Thank you 744. This has been my focus from the start. It wasn't an attack on Alaska, it's an excellent company. We've already found several other companies with far harsher "standards".

Understanding what the rules are before hiring is one thing. I'm tending to side with the corporations on that one. But changing the rules under social "mother hen" pressures AFTER someone is hired is wrong. Like your bro... motorcycles might be an important part of his life. He puts 20 years of loyalty and sweat into his company, only to have his motorcycle taken away from him (or else) like mommy taking my Schwinn away because I was a bad boy.

For the record: I do not smoke. I support smoke-free environments at work, and acknowledge that second-hand smoke is a major irritant. But TERMINATION for firing up a Cohiba? Uhhh, no.

Substitute for a moment your less-than-healthy substance/activity, and I'd be surprised if you don't feel a bit of outrage.
 
Koot said:
I wish they'd just outlaw smoking already. All I can say is thank god for lung cancer and lets hope they never find a cure.

Lovely statement Koot! Wow, a real zinger.

A significant percentage of lung cancer is specifically caused by Radon gas. I genuinely hope you live in a Radon state, and it's leaching into your house as you surf FI. When you get lung cancer, you can reflect upon your post here.
 
Political correctness; Market Economies and The Real World

Wow.

I've been ignoring this thread until now. But it's actually pretty interesting to me.

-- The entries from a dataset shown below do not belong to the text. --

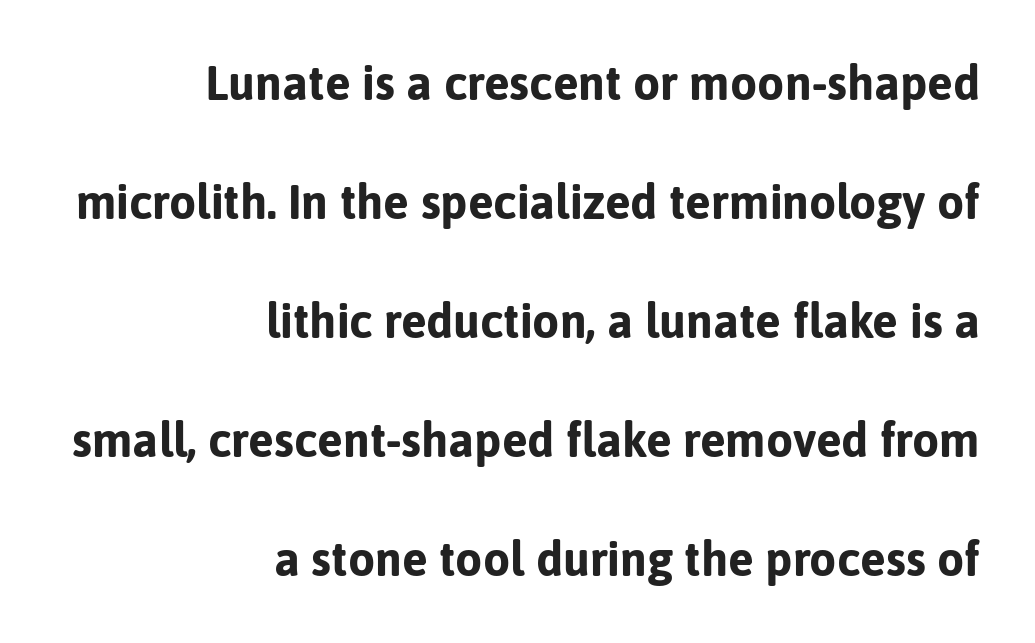
Q: Is the text bold? A: Yes.
Q: Is the text italic (slanted)? A: No, it is upright.
Q: Is the typeface a serif or a sans-serif typeface? A: Sans-serif.
Q: Is the text underlined? A: No.
Q: How is the paragraph aligned? A: Right-aligned.
Q: Is the spacing between letters normal or unusually wide? A: Normal.
Q: Is the spacing between lines tight, normal or loose? A: Loose.
Q: Width (condensed, normal, or wide)? A: Normal.
Q: Stroke contrast? A: Low.
Q: x-height? A: Medium.
Q: Monospaced? A: No.
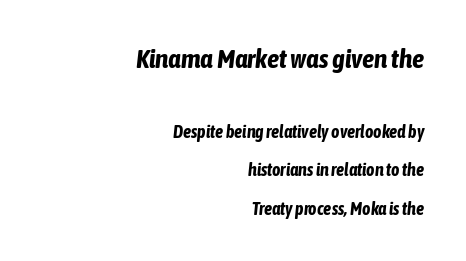
The image shows 27 px bold type, italic (leaning right); set right-aligned, loose line spacing (2.13x), normal letter spacing, not underlined; the first (top) block is 1.5x larger.
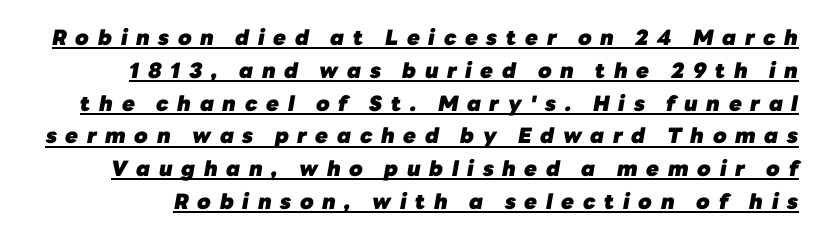
The passage shown has open, widely tracked lettering throughout. The axis of the letterforms is tilted away from vertical. Heavy, bold letterforms. This is underlined copy, the kind a proofreader might mark for attention. Rows of type keep a routine distance in the vertical direction.
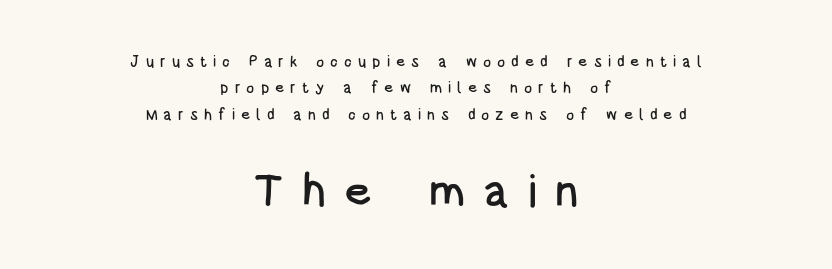
The image shows 45 px condensed sans-serif type, upright; set centered, line spacing 1.76x, unusually wide letter spacing (+0.4 em), not underlined; the second (bottom) block is 3.0x larger; low stroke contrast and a large x-height.
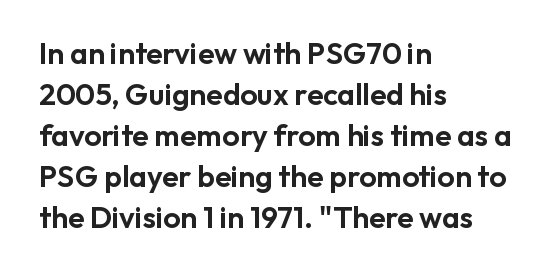
Glance below the letters and you will spot only blank space. The letterforms sit shoulder to shoulder at normal distance. Short and long lines alike share a common starting point at left. The glyphs in this specimen are sans serif.
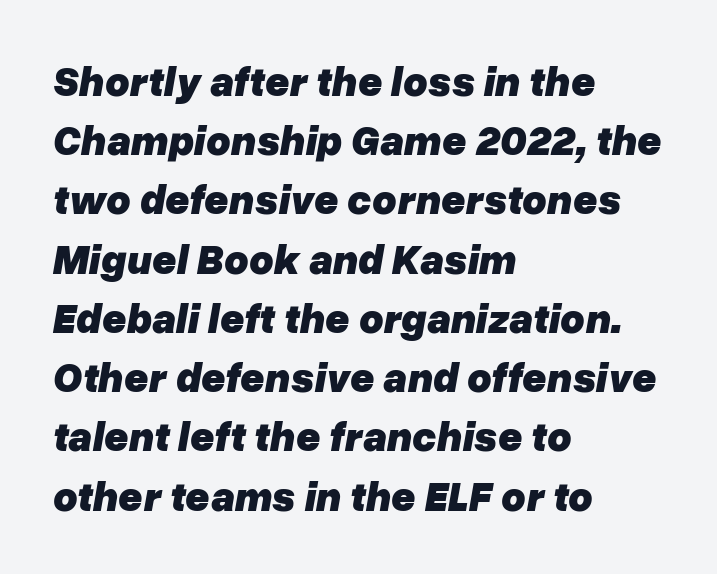
Q: Is the text bold? A: Yes.
Q: Is the text italic (slanted)? A: Yes, it leans right by about 10 degrees.
Q: Is the text underlined? A: No.
Q: How is the paragraph aligned? A: Left-aligned.
Q: Is the spacing between letters normal or unusually wide? A: Normal.
Q: Is the spacing between lines tight, normal or loose? A: Normal.
Q: Width (condensed, normal, or wide)? A: Normal.
Q: Stroke contrast? A: Low.
Q: x-height? A: Medium.
Q: Monospaced? A: No.

Not that anyone asked, but here's the way I see it (as a lifelong non-smoker):

Right now, smoking is politically incorrect.

And right now, in the labor market, it's a buyer's market (the employers are the buyers; the workers are the sellers).

The combination of those two forces doesn't bode well for the personal rights crowd (of which I consider myself a member).

I'm for maximum personal freedom, however, given the dynamics of modern living I just don't think this fight will ever be fought.

There are less and less smokers every year.
And that's just a fact. We gotta pick our fights and there are more important issues that need to be addressed.